# Problem to solve:
Filter the listing for lines containing "stroke".

>>>>

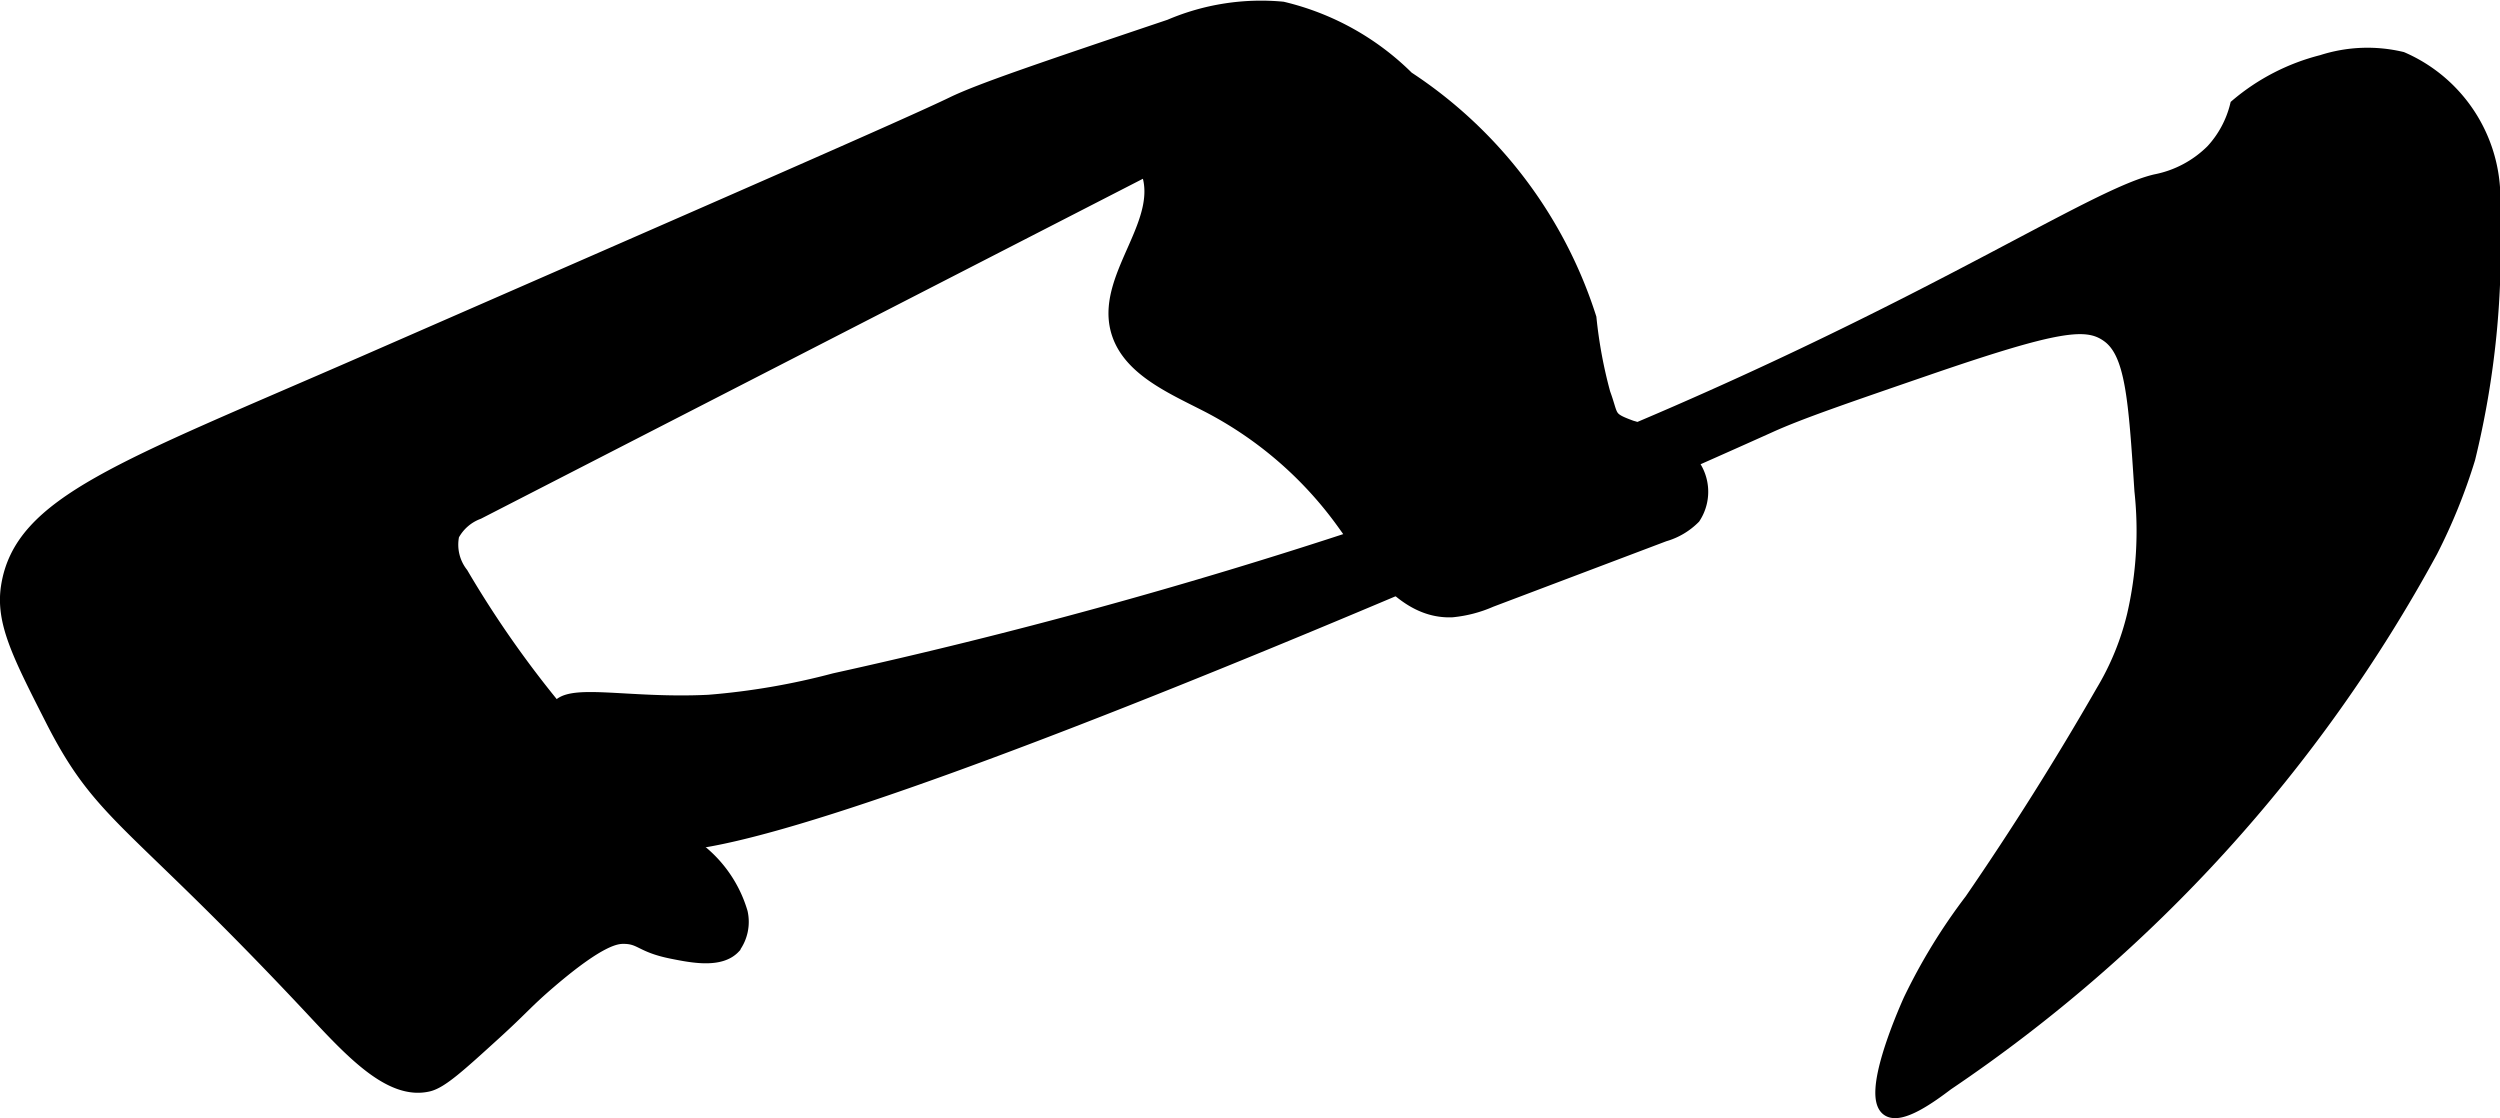 <?xml version="1.0" encoding="UTF-8"?>
<svg xmlns="http://www.w3.org/2000/svg"
     version="1.1"
     width="10.168mm"
     height="4.548mm"
     viewBox="0 0 28.823 12.892">
   <defs>
      <style type="text/css"><![CDATA[
      .a {
        stroke: #000;
        stroke-miterlimit: 10;
        stroke-width: 0.15px;
      }
    ]]></style>
   </defs>
   <path class="a"
         d="M26.77.708a1.709,1.709,0,0,1,.922-.036A1.761,1.761,0,0,1,28.748,2.416a10.229,10.229,0,0,1-.285,2.87,6.569,6.569,0,0,1-.432,1.067,17.463,17.463,0,0,1-5.582,6.145c-.176.133-.537.4-.685.294-.223-.159.166-1.064.255-1.263a6.64,6.64,0,0,1,.705-1.151q.804-1.17,1.512-2.403a3.129,3.129,0,0,0,.362-.885,4.324,4.324,0,0,0,.085-1.432c-.069-1.059-.104-1.589-.383-1.787-.243-.173-.568-.139-2.091.385-.973.335-1.459.502-1.798.655-0,0-10.003,4.52-12.467,4.81-.193.023-.794.093-1.049-.232-.108-.138-.071-.241-.213-.638-.175-.49-.314-.561-.264-.674.108-.242.799-.045,1.753-.092a8.171,8.171,0,0,0,1.45-.249,61.661,61.661,0,0,0,6.075-1.668C21.224,4.252,23.947,2.295,24.852,2.084a1.266,1.266,0,0,0,.653-.347,1.188,1.188,0,0,0,.28-.521A2.449,2.449,0,0,1,26.77.708Z"/>
   <path class="a"
         d="M10.98,1.191c-.484.235-2.578,1.149-6.766,2.979C1.394,5.401.235,5.792.086,6.765c-.062.406.129.781.511,1.532.579,1.14.919,1.121,2.979,3.319.461.493.917.998,1.362.894.15-.035.355-.222.766-.596.323-.294.361-.359.638-.596.579-.495.764-.512.851-.511.2.002.195.1.553.172.23.046.556.112.716-.058a.496.496,0,0,0,.084-.4,1.432,1.432,0,0,0-.601-.801A12.017,12.017,0,0,1,5.324,6.614a.542.542,0,0,1-.104-.445.551.551,0,0,1,.294-.257L13.221,1.954c.237.588-.485,1.202-.349,1.82.103.466.622.684,1.046.902a4.435,4.435,0,0,1,1.553,1.332c.336.463.699,1.058,1.271,1.034a1.458,1.458,0,0,0,.447-.117l1.998-.756a.789.789,0,0,0,.344-.203.541.541,0,0,0-.074-.683,1.577,1.577,0,0,0-.649-.361c-.277-.101-.214-.11-.316-.387a5.354,5.354,0,0,1-.161-.869A5.197,5.197,0,0,0,16.228.896a3.041,3.041,0,0,0-1.441-.802,2.674,2.674,0,0,0-1.3.204C12.031.789,11.303,1.034,10.98,1.191Z"/>
</svg>

<<<<

# Task solution:
        stroke: #000;
        stroke-miterlimit: 10;
        stroke-width: 0.15px;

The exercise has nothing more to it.